The fix for that is to _always_ save/restore the sched_clock on suspend
cycle _if TSC is used_ as sched_clock - only if we fallback to jiffies
the sched_clock_stable() check becomes relevant to save/restore the
sched_clock.

Debugged-by: Thadeu Lima de Souza Cascardo <cascardo@igalia.com>
Signed-off-by: Guilherme G. Piccoli <gpiccoli@igalia.com>
Signed-off-by: Ingo Molnar <mingo@kernel.org>
Cc: stable@vger.kernel.org
Cc: Thomas Gleixner <tglx@linutronix.de>
Cc: Peter Zijlstra <peterz@infradead.org>
Cc: Linus Torvalds <torvalds@linux-foundation.org>
Link: https://lore.kernel.org/r/20250215210314.351480-1-gpiccoli@igalia.com
---
 arch/x86/kernel/tsc.c | 4 ++--
 1 file changed, 2 insertions(+), 2 deletions(-)

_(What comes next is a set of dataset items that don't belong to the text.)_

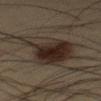Q: Is there a histopathology result?
A: no biopsy performed (imaged during a skin exam)
Q: What are the patient's age and sex?
A: male, approximately 35 years of age
Q: What is the imaging modality?
A: 15 mm crop, total-body photography
Q: Lesion size?
A: ≈7 mm
Q: What did automated image analysis measure?
A: a mean CIELAB color near L≈24 a*≈10 b*≈18 and a lesion–skin lightness drop of about 9; a within-lesion color-variation index near 8/10 and peripheral color asymmetry of about 3
Q: Lesion location?
A: the mid back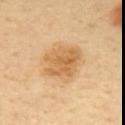The lesion was tiled from a total-body skin photograph and was not biopsied. Cropped from a total-body skin-imaging series; the visible field is about 15 mm. A female subject, aged 38 to 42. From the upper back.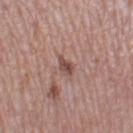Clinical impression:
Part of a total-body skin-imaging series; this lesion was reviewed on a skin check and was not flagged for biopsy.
Background:
Approximately 3 mm at its widest. A 15 mm crop from a total-body photograph taken for skin-cancer surveillance. A female patient, aged 38–42. On the left thigh.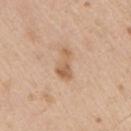No biopsy was performed on this lesion — it was imaged during a full skin examination and was not determined to be concerning. Imaged with white-light lighting. A 15 mm crop from a total-body photograph taken for skin-cancer surveillance. The lesion is on the right upper arm. A male subject about 65 years old. Longest diameter approximately 3.5 mm.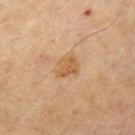A region of skin cropped from a whole-body photographic capture, roughly 15 mm wide. The lesion is on the left upper arm. A male patient aged approximately 70.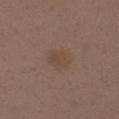{"biopsy_status": "not biopsied; imaged during a skin examination", "image": {"source": "total-body photography crop", "field_of_view_mm": 15}, "lesion_size": {"long_diameter_mm_approx": 3.0}, "patient": {"sex": "male", "age_approx": 40}, "automated_metrics": {"cielab_L": 44, "cielab_a": 15, "cielab_b": 26, "vs_skin_darker_L": 5.0, "vs_skin_contrast_norm": 5.0, "color_variation_0_10": 1.5, "peripheral_color_asymmetry": 0.5, "nevus_likeness_0_100": 5}, "site": "left upper arm", "lighting": "white-light"}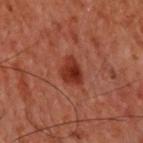<lesion>
  <biopsy_status>not biopsied; imaged during a skin examination</biopsy_status>
  <automated_metrics>
    <area_mm2_approx>6.5</area_mm2_approx>
    <eccentricity>0.65</eccentricity>
    <shape_asymmetry>0.25</shape_asymmetry>
    <border_irregularity_0_10>2.5</border_irregularity_0_10>
    <color_variation_0_10>3.5</color_variation_0_10>
    <peripheral_color_asymmetry>1.5</peripheral_color_asymmetry>
    <nevus_likeness_0_100>95</nevus_likeness_0_100>
    <lesion_detection_confidence_0_100>100</lesion_detection_confidence_0_100>
  </automated_metrics>
  <lighting>cross-polarized</lighting>
  <lesion_size>
    <long_diameter_mm_approx>3.5</long_diameter_mm_approx>
  </lesion_size>
  <site>back</site>
  <image>
    <source>total-body photography crop</source>
    <field_of_view_mm>15</field_of_view_mm>
  </image>
  <patient>
    <sex>male</sex>
    <age_approx>60</age_approx>
  </patient>
</lesion>

diff --git a/arch/x86/kernel/tsc.c b/arch/x86/kernel/tsc.c
index 34dec0b..88e5a4e 100644
--- a/arch/x86/kernel/tsc.c
+++ b/arch/x86/kernel/tsc.c
@@ -959,7 +959,7 @@ static unsigned long long cyc2ns_suspend;
 
 void tsc_save_sched_clock_state(void)
 {
-	if (!sched_clock_stable())
+	if (!static_branch_likely(&__use_tsc) && !sched_clock_stable())
 		return;
 
 	cyc2ns_suspend = sched_clock();
@@ -979,7 +979,7 @@ void tsc_restore_sched_clock_state(void)
 	unsigned long flags;
 	int cpu;
 
-	if (!sched_clock_stable())
+	if (!static_branch_likely(&__use_tsc) && !sched_clock_stable())
 		return;
 
 	local_irq_save(flags);

Re: [tip: sched/core] x86/tsc: Always save/restore TSC sched_clock() on suspend/resume

Posted by Peter Zijlstra 11 months, 3 weeks ago

On Fri, Feb 21, 2025 at 02:37:42PM -0000, tip-bot2 for Guilherme G. Piccoli wrote:
> The following commit has been merged into the sched/core branch of tip:
> 
> Commit-ID:     d90c9de9de2f1712df56de6e4f7d6982d358cabe
> Gitweb:        https://git.kernel.org/tip/d90c9de9de2f1712df56de6e4f7d6982d358cabe
> Author:        Guilherme G. Piccoli <gpiccoli@igalia.com>
> AuthorDate:    Sat, 15 Feb 2025 17:58:16 -03:00
> Committer:     Ingo Molnar <mingo@kernel.org>
> CommitterDate: Fri, 21 Feb 2025 15:27:38 +01:00
> 
> x86/tsc: Always save/restore TSC sched_clock() on suspend/resume

Should this not go into x86/core or somesuch?